Cosa vuol dire essere scrittrice di fantascienza, un genere sicuramente non mainstream e popolato da maestri prevalentemente uomini, e soprattutto cosa significa essere scrittrice in Corea del Sud?
Io sono stata come una pioniera della fantascienza in Corea, ai tempi non era un genere diffuso e non ho incontrato una vera concorrenza nel settore. Per me è stata una sfida lavorare in un ambito così poco conosciuto e rappresentato, più che sfidare scrittori affermati. Non conosco molti autori di fantascienza, nemmeno i più famosi. Essere la prima a scrivere di fantascienza ha avuto però anche i suoi risvolti negativi, mi sono sentita particolarmente sola. In Italia ho avuto modo di conoscere altre scrittrici del genere, più esperte di me, come Licia Troisi e Nicoletta Vallorani, e questi incontri sono stati molto curativi. Attualmente, i libri più venduti in Corea sono tutti firmati da scrittrici, è un momento particolarmente positivo per le autrici donne e io stessa non ho incontrato difficoltà sul mercato.

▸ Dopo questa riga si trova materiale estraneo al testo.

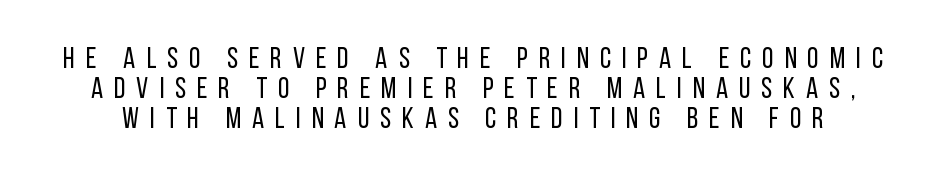
The image shows 29 px regular-weight, condensed sans-serif type, upright; set tight line spacing (1.04x), unusually wide letter spacing (+0.38 em), not underlined; low stroke contrast and a large x-height.
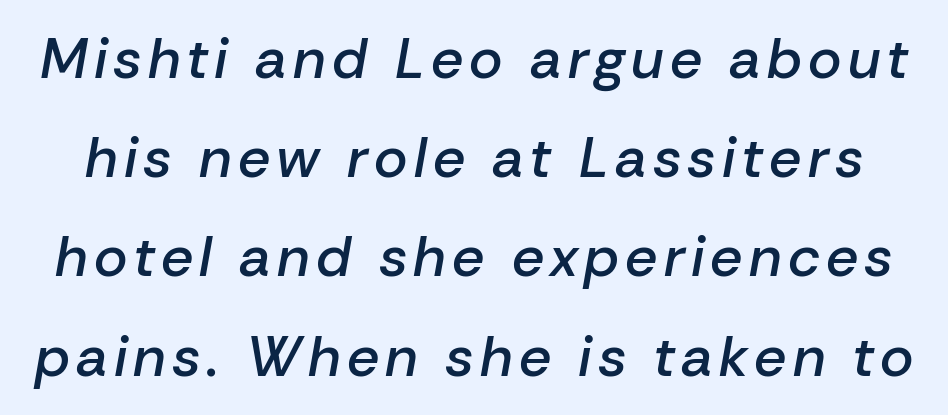
The image shows 57 px semibold type, italic (leaning right); set line spacing 1.74x, not underlined; low stroke contrast and a medium x-height.
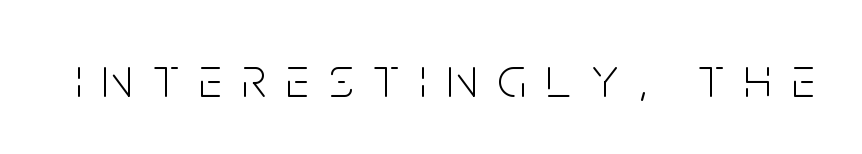
{"serif": "no", "italic": "no", "bold": "no", "weight": "light", "width": "condensed", "stroke_contrast": "low", "x_height": "large", "monospaced": "no", "underline": "no", "letter_spacing": "wide", "letter_spacing_em": 0.36, "glyph_px": 57}

Molti scrittori occidentali di fantascienza, soprattutto gli autori maschili, hanno una formazione scientifica alle spalle. Che ruolo ha la scienza nella tua fantascienza?
Anche in Corea vale lo stesso, ci sono molti scrittori di fantascienza che partono da concetti scientifici per sviluppare le proprie storie. Secondo me non è necessario avere una formazione particolare per poter scrivere di fantascienza, né tantomeno per poterla leggere.

Cosa vorresti che rimanesse al lettore una volta terminata la lettura de L’origine delle specie?
Sarebbe molto bello per me sapere di essere riuscita a far compiere al lettore un viaggio all’interno del mondo che io ho immaginato e costruito.

Ci sono progetti futuri già in cantiere?
Sì, al momento sto lavorando a una nuova storia, legata a una leggenda antica di origine orientale.